CORTE SUPREMA DE JUSTICIA Acción de tutela Radicado 47099 República de Colombia Corte Suprema de Justicia Acción de tutela Radicado 47099 República de Colombia Corte Suprema de Justicia CORTE SUPREMA DE JUSTICIA SALA DE CASACIÓN PENAL - SALA DE DECISIÓN DE TUTELAS Magistrado Ponente JOSÉ LEONIDAS BUSTOS MARTÍNEZ Aprobado acta número 88 Bogotá.
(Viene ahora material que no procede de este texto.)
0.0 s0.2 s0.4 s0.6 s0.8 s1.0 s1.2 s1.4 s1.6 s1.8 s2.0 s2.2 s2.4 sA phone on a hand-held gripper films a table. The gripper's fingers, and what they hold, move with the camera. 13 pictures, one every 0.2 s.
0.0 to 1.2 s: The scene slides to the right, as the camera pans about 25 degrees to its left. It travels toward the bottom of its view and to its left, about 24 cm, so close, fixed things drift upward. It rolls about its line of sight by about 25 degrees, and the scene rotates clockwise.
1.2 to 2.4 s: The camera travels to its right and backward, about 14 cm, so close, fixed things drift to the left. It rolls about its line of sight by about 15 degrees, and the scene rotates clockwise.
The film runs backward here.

D.C., veintitrés de marzo de dos mil diez Resuelve la Sala de Casación Penal de la Corte Suprema de Justicia, Sala de Decisión de Tutelas, la acción interpuesta por NORVEY CUARTAS CORREA en contra de la Sala Penal del Tribunal Superior de Bucaramanga, el Juzgado Promiscuo del Circuito de Málaga –Santander- y la Fiscalía Seccional de la misma localidad, por la presunta vulneración de sus derechos fundamentales.
ANTECEDENTES y FUNDAMENTOS DE LA ACCIÓN
1. NORVEY CUARTAS CORREA tras aceptar el cargo de la acusación formulado en su contra como autor responsable de acceso carnal abusivo con menor de 14 años agravado por embarazo, fue condenado mediante sentencia proferida el 5 de octubre de 2009 a la pena principal de 220 meses de prisión. Apelada la anterior decisión, la Sala Penal del Tribunal Superior de Bucaramanga la modificó el 3 de diciembre de 2009 en tanto disminuyó el quantum de la pena de 220 a 192 meses de prisión. 2.
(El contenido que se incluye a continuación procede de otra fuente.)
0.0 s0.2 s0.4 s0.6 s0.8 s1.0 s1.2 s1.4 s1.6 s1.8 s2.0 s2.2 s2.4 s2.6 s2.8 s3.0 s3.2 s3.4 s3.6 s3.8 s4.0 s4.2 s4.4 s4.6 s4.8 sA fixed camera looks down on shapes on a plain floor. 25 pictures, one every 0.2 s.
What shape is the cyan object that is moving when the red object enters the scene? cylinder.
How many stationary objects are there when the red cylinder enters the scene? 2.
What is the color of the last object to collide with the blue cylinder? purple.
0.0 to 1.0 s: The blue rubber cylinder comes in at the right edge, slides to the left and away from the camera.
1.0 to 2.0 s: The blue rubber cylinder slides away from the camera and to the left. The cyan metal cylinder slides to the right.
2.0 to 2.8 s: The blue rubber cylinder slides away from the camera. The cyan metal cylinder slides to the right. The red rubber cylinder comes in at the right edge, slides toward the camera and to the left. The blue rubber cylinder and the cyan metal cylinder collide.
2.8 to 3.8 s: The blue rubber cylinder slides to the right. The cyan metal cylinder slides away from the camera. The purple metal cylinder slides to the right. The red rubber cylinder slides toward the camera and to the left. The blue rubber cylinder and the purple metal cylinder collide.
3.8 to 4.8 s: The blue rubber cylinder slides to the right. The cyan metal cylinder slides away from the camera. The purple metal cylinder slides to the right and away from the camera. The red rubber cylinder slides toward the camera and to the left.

Expuso el accionante que un compañero de reclusión - MARIO JARAMILLO- estuvo detenido por similar conducta a la atrás mencionada, sin embargo la Fiscalía solicitó la preclusión, por cuanto: i) la psicóloga del Instituto Colombiana de Bienestar Familiar conceptuó que la menor de 14 años accedida carnalmente, poseía la “ suficiente madurez mental para determinarse y acceder a las circunstancias que podría desafiar en el futuro ”, y ii) los padres de la víctima consintieron la relación. 3.
Se quejó el accionante de que las autoridades accionadas vulneraron su derecho fundamental a la igualdad, toda vez que frente a similares circunstancias él fue sancionado penalmente, mientras que MARIO JARAMILLO recobró su libertad por preclusión de la investigación. 4. Por lo anterior el demandante solicitó al juez de tutela, revocar la condena proferida en su contra.
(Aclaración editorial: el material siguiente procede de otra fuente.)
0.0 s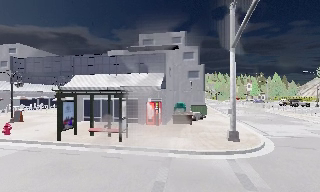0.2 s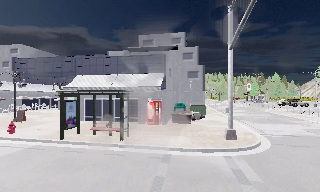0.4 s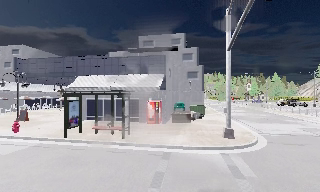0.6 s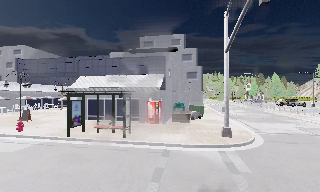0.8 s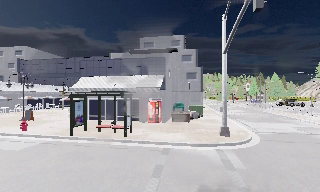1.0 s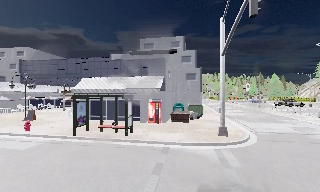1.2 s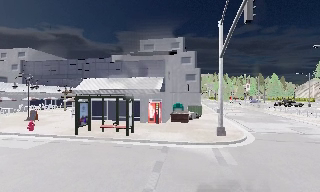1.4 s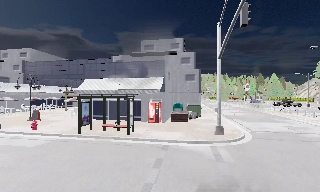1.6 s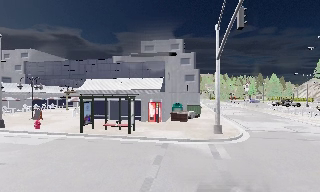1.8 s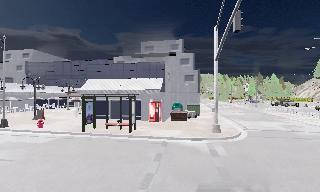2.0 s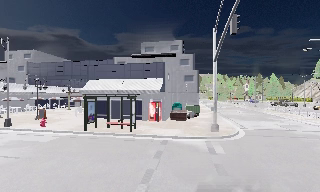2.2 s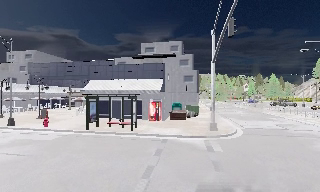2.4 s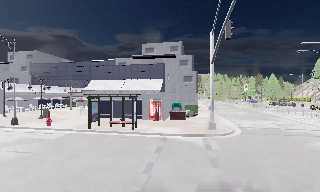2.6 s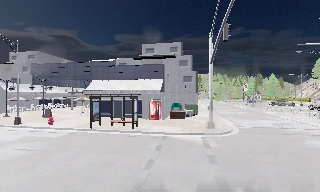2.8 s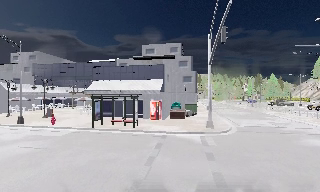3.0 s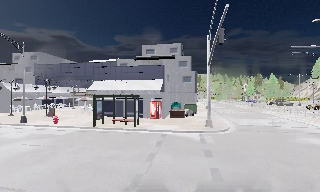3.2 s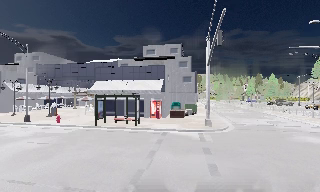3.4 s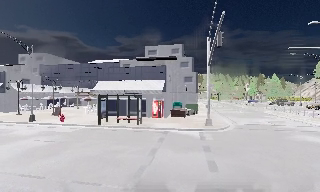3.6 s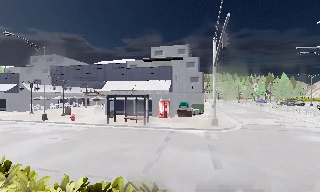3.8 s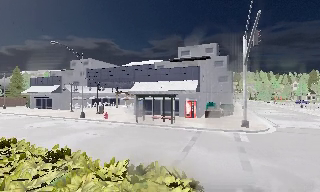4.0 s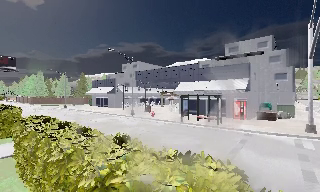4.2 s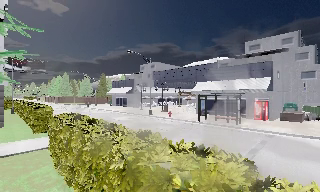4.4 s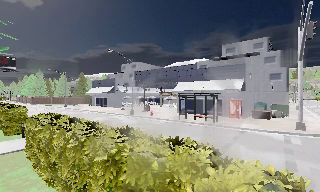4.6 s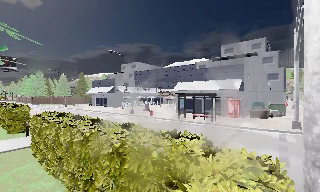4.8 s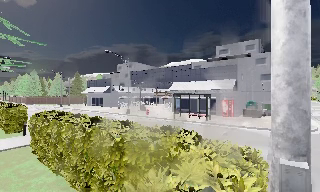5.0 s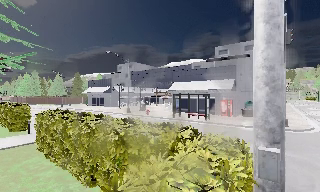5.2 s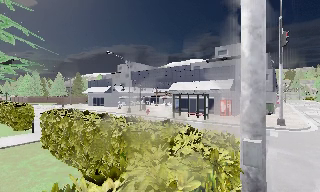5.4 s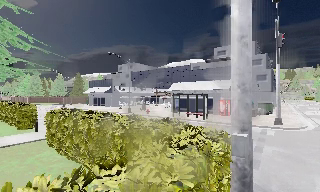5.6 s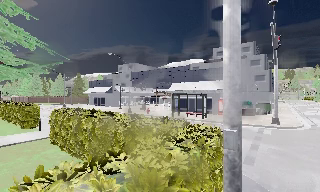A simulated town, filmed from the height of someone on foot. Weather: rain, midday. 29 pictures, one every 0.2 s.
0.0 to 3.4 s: The camera travels backward, about 5 m, so what stands in front gets smaller.
3.4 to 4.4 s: The camera pans to its left, which is counterclockwise from overhead, by about 25 degrees. It travels backward, about 1.5 m, so what stands in front gets smaller.
4.4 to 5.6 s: The camera travels backward, about 2 m, so what stands in front gets smaller.
The film runs backward here.
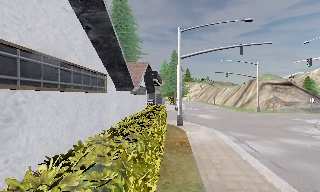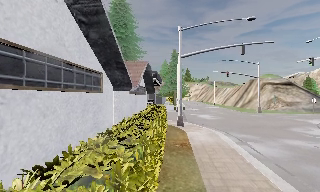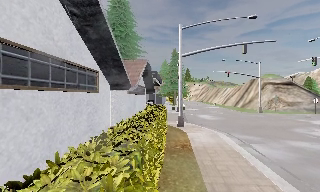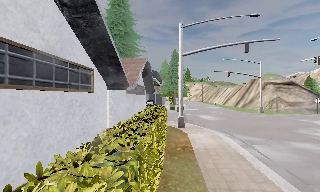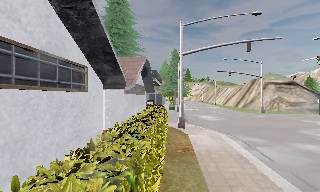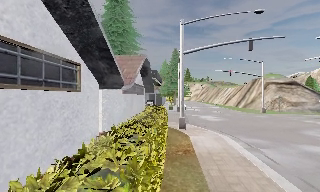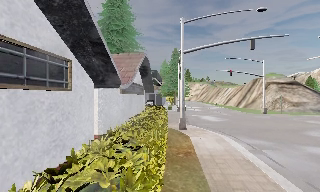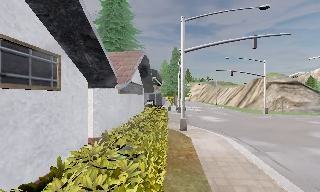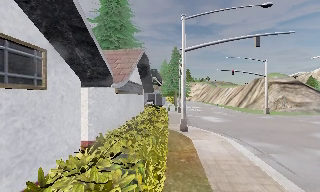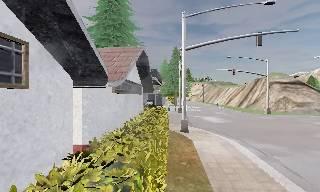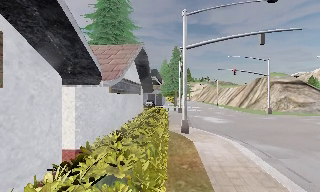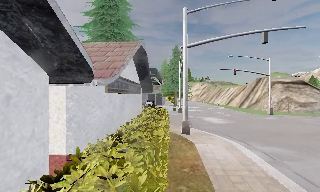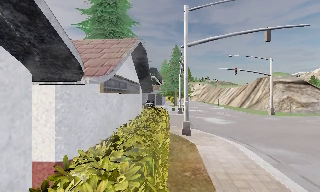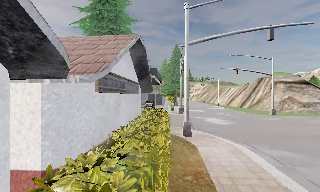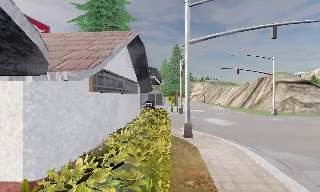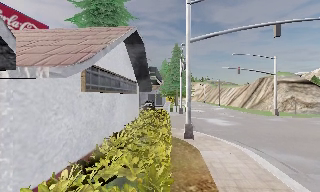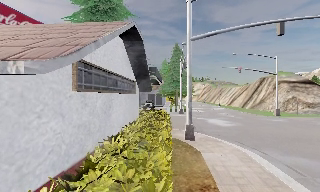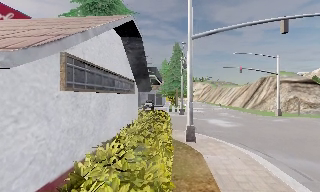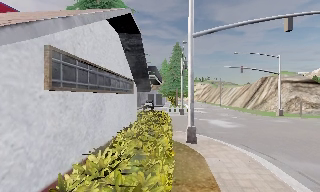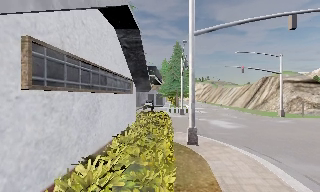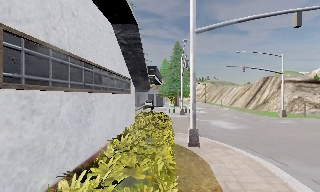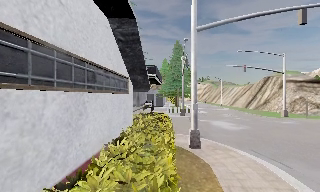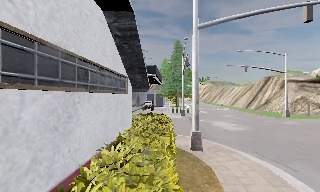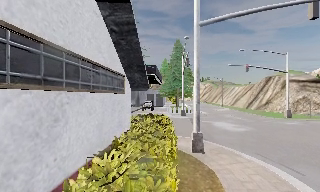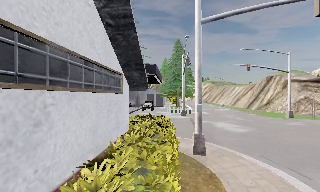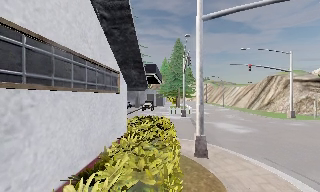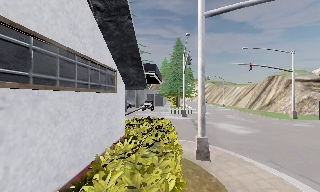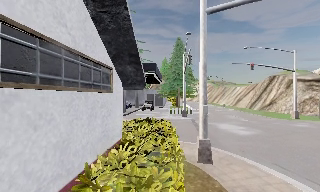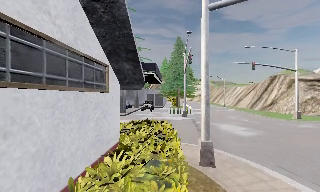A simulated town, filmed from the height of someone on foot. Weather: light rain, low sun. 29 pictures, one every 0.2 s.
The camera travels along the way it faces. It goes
forward.
0.0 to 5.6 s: The camera travels forward, about 8 m, so what stands in front looms larger.
The film runs forward here.

RESPUESTA DE LAS AUTORIDADES ACIONADAS 1. La Sala Penal del Tribunal Superior de Bucaramanga remitió copia de la providencia dictada el 3 de diciembre de 2009 por la misma Corporación. 2. La Fiscalía Seccional de Málaga –Santander-, informó que ciertamente investigó a MARIO JARAMILLO CÁRDENAS como presunto autor responsable de acceso carnal abusivo con menor de 14 años agravado por la circunstancia señalada en el numeral 6º del artículo 211 del Código Penal –embarazo-, conducta perpetrada en una niña de 13 años de edad.
Agregó que tras presentar escrito de acusación, la defensa allegó tres declaraciones extraprocesales, el investigador rindió informe de averiguaciones de campo y el 11 de diciembre de 2009 se recibió ampliación de la valoración sicológica rendida por la doctora LAURA MARCELA CAMARGO NIÑO. Con base en lo anterior, tomó la decisión de solicitar la preclusión de la investigación, y el Juzgado Promiscuo del Circuito de Málaga la decretó. CONSIDERACIONES DE LA CORTE 1.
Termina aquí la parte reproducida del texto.